La deuxième strophe dénonce le rôle de la police, qui protège les biens plutôt que les personnes, au nom d’un système de suprématie blanche. Macklemore établit ici un parallèle implicite entre le mouvement Black Lives Matter et ces manifestations pour les droits des Palestiniens :

Des acteurs en badge qui protègent des biens
Et un système conçu par la suprématie blanche (Brrt)
Mais les gens sont dans la rue

Il poursuit en reprochant à Meta (Facebook et Instagram) d’avoir été « payé » pour supprimer les informations sur la Palestine. (En fait, je ne pense pas que Meta ait été payé pour faire cela, c’est juste quelque chose que la direction voulait faire). Il critique ensuite les politiciens qui reçoivent de l’argent de l’American Israel Public Affairs Committee (AIPAC), qui sert les intérêts israéliens en façonnant le gouvernement américain.

Le soi-disant « pays de la liberté », se plaint-il, est en proie à la manipulation de la peur. La nouvelle génération, elle, ne se laisse pas faire. Rien, ni l’interdiction de TikTok, ni l’utilisation d’algorithmes pour dissimuler les atrocités, ne peut faire oublier aux jeunes ce qu’ils ont vu.

Mais il est trop tard, nous avons vu la vérité, nous témoignons
Nous avons vu les décombres, les bâtiments, les mères et les enfants.

Il insiste sur le cadre de la suprématie blanche pour refuser aux Palestiniens le droit de résister à l’occupation et au nettoyage ethnique. Ce droit n’est accordé qu’en fonction des « dollars » et de « la couleur de votre pigment », dit-il.

Il dénonce l’affirmation selon laquelle il est antisémite d’être antisioniste, en déclarant

J‘ai vu des frères et des sœurs juifs sortir de chez eux et participer à la solidarité en criant « Libérez la Palestine ».
Solidarité et crier « Palestine libre » avec eux.
Organiser, désapprendre, et finalement couper les liens avec
Un État qui doit s’appuyer sur un système d’apartheid
Pour maintenir une occupation violente

Comme de nombreux Palestiniens, il estime que le projet israélien de nettoyage ethnique – qui a commencé avec la Nakba ou l’expulsion catastrophique de plus de la moitié des Palestiniens de leur patrie en 1948 – n’a jamais vraiment pris fin.

L’histoire se répète depuis soixante-quinze ans.
La Nakba n’a jamais pris fin, le colonisateur a menti (Woo)
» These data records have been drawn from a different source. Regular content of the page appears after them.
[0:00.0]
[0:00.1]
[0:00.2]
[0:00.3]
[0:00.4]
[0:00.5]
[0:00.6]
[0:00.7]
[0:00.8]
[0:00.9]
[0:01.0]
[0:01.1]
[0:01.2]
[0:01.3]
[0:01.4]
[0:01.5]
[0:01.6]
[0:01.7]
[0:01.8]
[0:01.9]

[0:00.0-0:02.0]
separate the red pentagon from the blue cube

Il se demande si le fait que des étudiants installent des tentes sur la pelouse d’un campus constitue un plus grand défi à l’ordre public que le fait qu’Israël commette un génocide, un ensemble de crimes de guerre dans lequel le président des États-Unis est profondément impliqué :

Où se situe le génocide dans votre définition ? (Hey ; hey)
Détruire toutes les universités de Gaza et toutes les mosquées
Pousser tout le monde à Rafah et larguer des bombes
Le sang est sur vos mains, Biden, on peut tout voir
Et putain non, je ne voterai pas pour toi à l’automne (Woo)
Indécis

Il interpelle également ses collègues de l’industrie musicale :

Pourtant, l’industrie de la musique est silencieuse, complice de leur plateforme de silence (Hey, woo)
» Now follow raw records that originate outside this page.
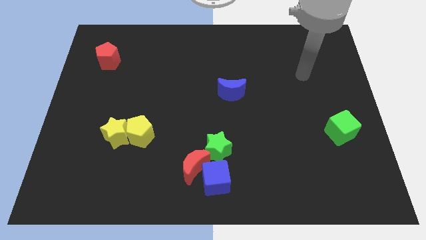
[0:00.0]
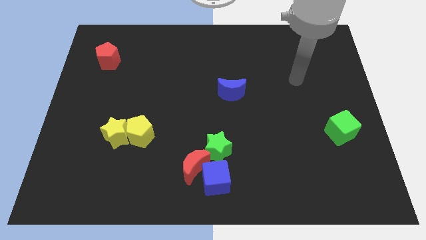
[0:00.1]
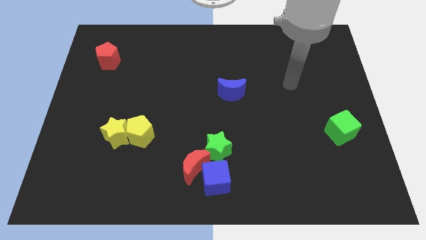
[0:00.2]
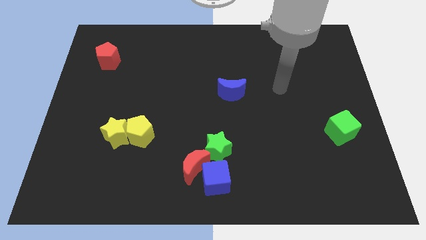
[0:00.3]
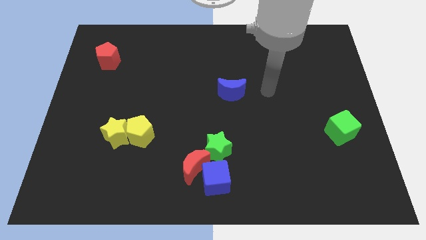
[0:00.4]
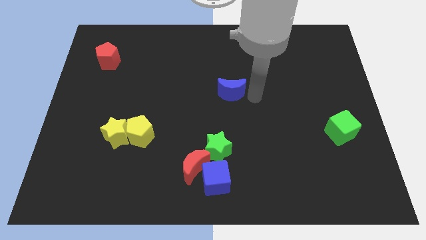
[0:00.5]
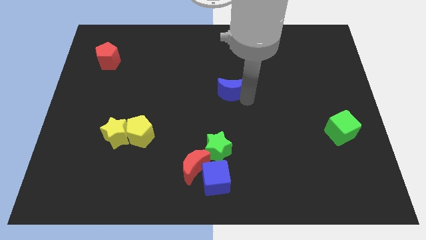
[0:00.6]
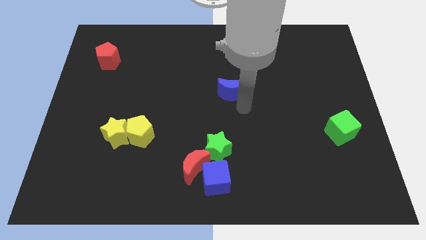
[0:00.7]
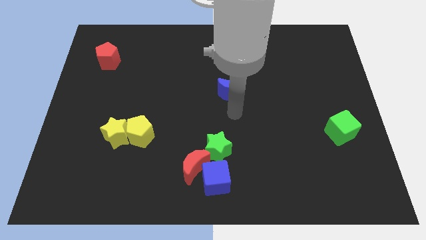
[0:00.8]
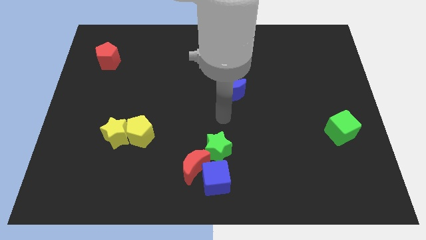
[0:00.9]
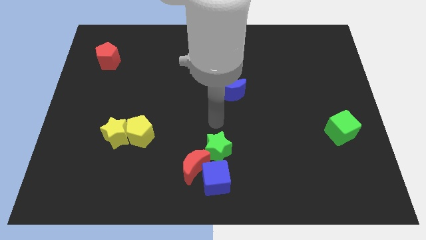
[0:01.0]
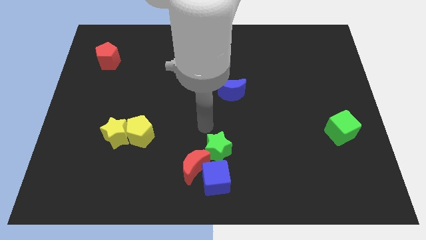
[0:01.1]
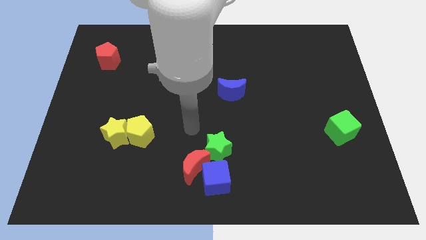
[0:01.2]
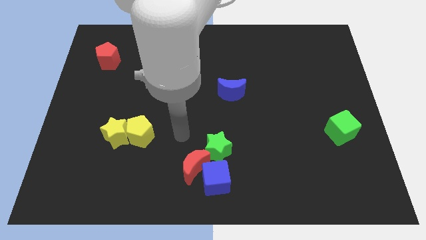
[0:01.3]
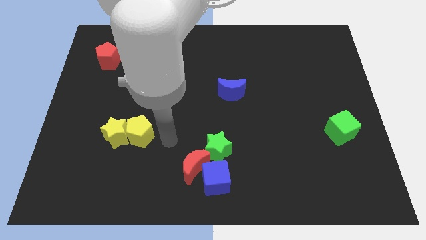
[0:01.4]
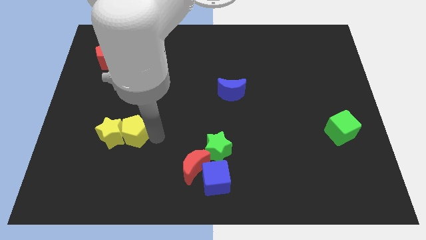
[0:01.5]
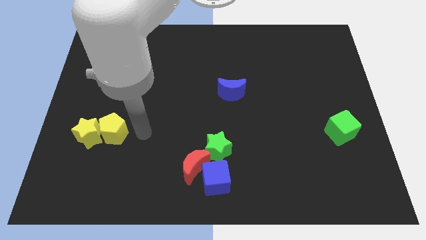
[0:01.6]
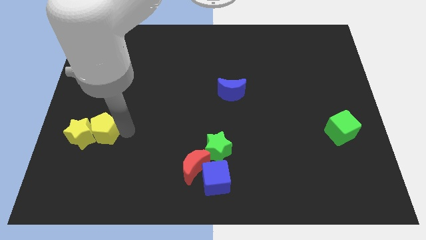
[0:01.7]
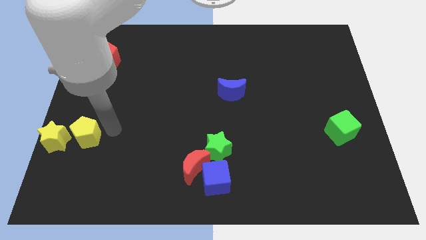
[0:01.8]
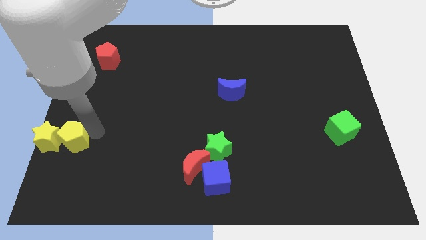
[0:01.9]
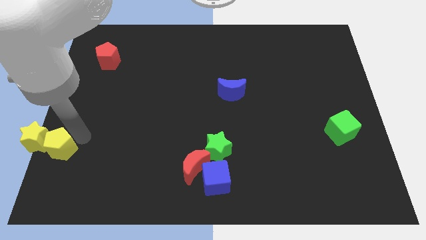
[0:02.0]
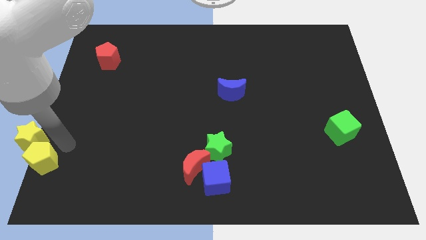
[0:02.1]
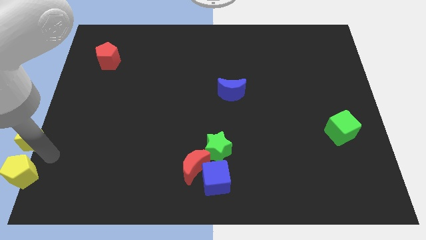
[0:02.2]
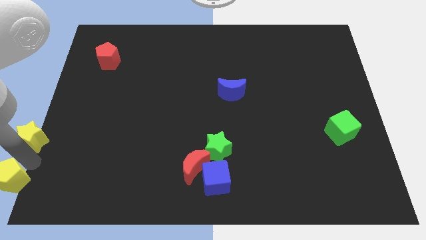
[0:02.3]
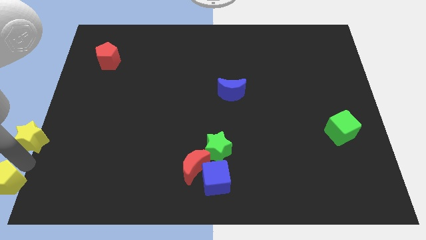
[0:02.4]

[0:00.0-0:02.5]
move the yellow star away from the yellow pentagon

Il reconnaît que s’il était sur un label, il pourrait bien être abandonné, mais il dit que cela ne le dérangerait pas.

Que voulez-vous risquer ? Que voulez-vous donner ?
Et si vous étiez à Gaza ? Et si c’était vos enfants ?
Si l’Occident faisait comme si vous n’existiez pas
Tu voudrais que le monde se lève et les étudiants l’ont finalement fait, allons-y (Woo)

La compréhension historique de Macklemore n’a rien à envier à celle de Mme Clinton.